* [What you should do]:
Once the images are set aside, return every entry exactly.

(Recorded data)

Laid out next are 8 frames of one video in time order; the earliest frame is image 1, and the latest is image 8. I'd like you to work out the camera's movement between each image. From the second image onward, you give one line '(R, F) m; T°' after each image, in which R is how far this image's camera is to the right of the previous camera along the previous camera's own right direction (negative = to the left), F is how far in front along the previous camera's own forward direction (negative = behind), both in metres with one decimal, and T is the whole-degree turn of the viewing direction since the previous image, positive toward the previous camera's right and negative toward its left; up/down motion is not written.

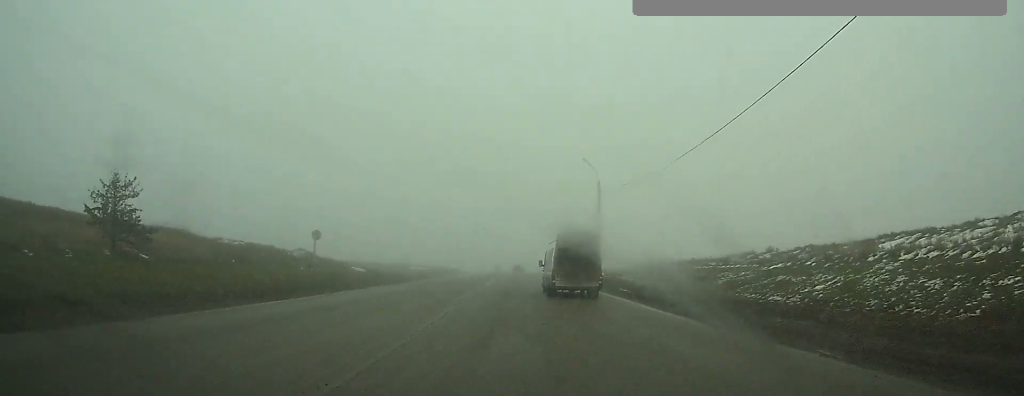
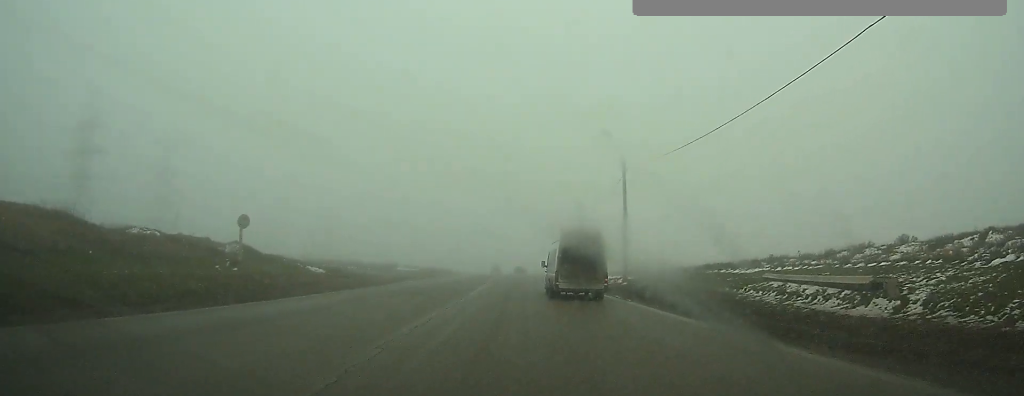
(0.0, +11.7) m; 0°
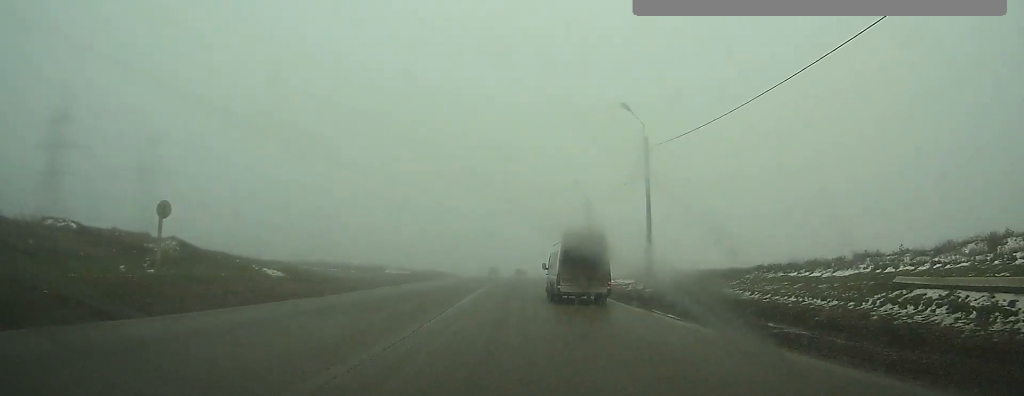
(0.0, +7.8) m; 0°
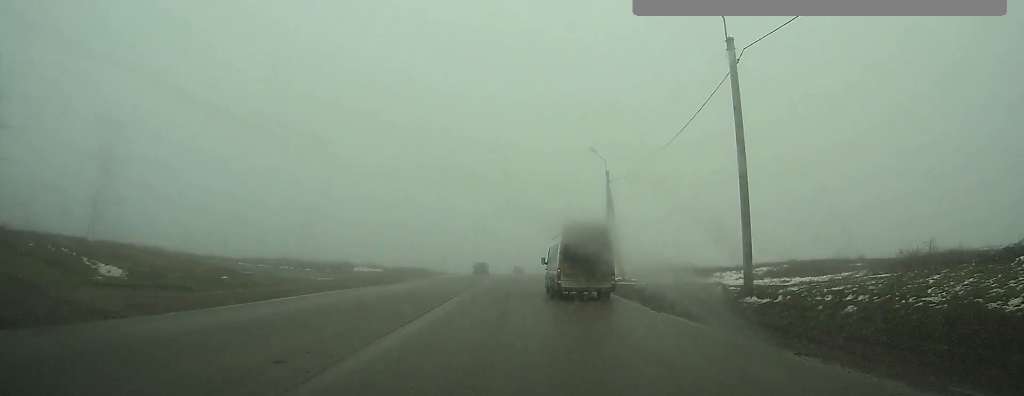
(-0.1, +16.0) m; 0°
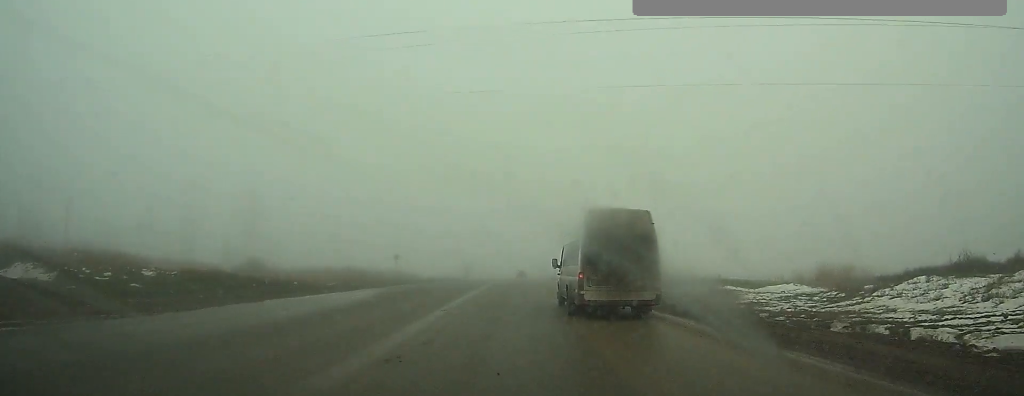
(-0.3, +56.8) m; -1°
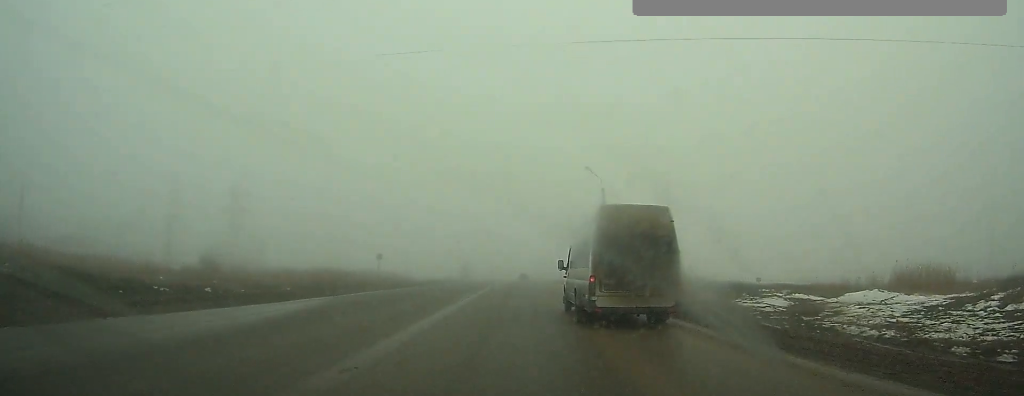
(0.0, +9.4) m; 0°
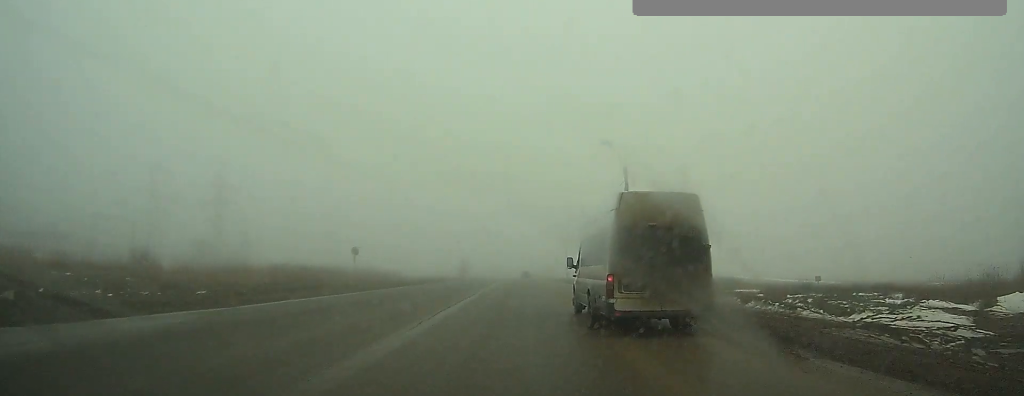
(0.0, +9.2) m; 0°
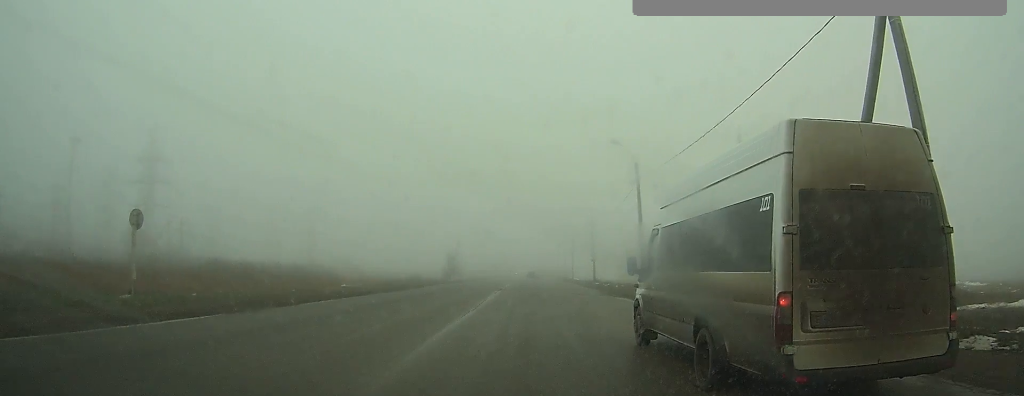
(-0.1, +23.9) m; 0°

(End Recorded data)

* [Finished exercise]:
Laid out next are 8 frames of one video in time order; the earliest frame is image 1, and the latest is image 8. I'd like you to work out the camera's movement between each image. From the second image onward, you give one line '(R, F) m; T°' after each image, in which R is how far this image's camera is to the right of the previous camera along the previous camera's own right direction (negative = to the left), F is how far in front along the previous camera's own forward direction (negative = behind), both in metres with one decimal, and T is the whole-degree turn of the viewing direction since the previous image, positive toward the previous camera's right and negative toward its left; up/down motion is not written.

(0.0, +11.7) m; 0°
(0.0, +7.8) m; 0°
(-0.1, +16.0) m; 0°
(-0.3, +56.8) m; -1°
(0.0, +9.4) m; 0°
(0.0, +9.2) m; 0°
(-0.1, +23.9) m; 0°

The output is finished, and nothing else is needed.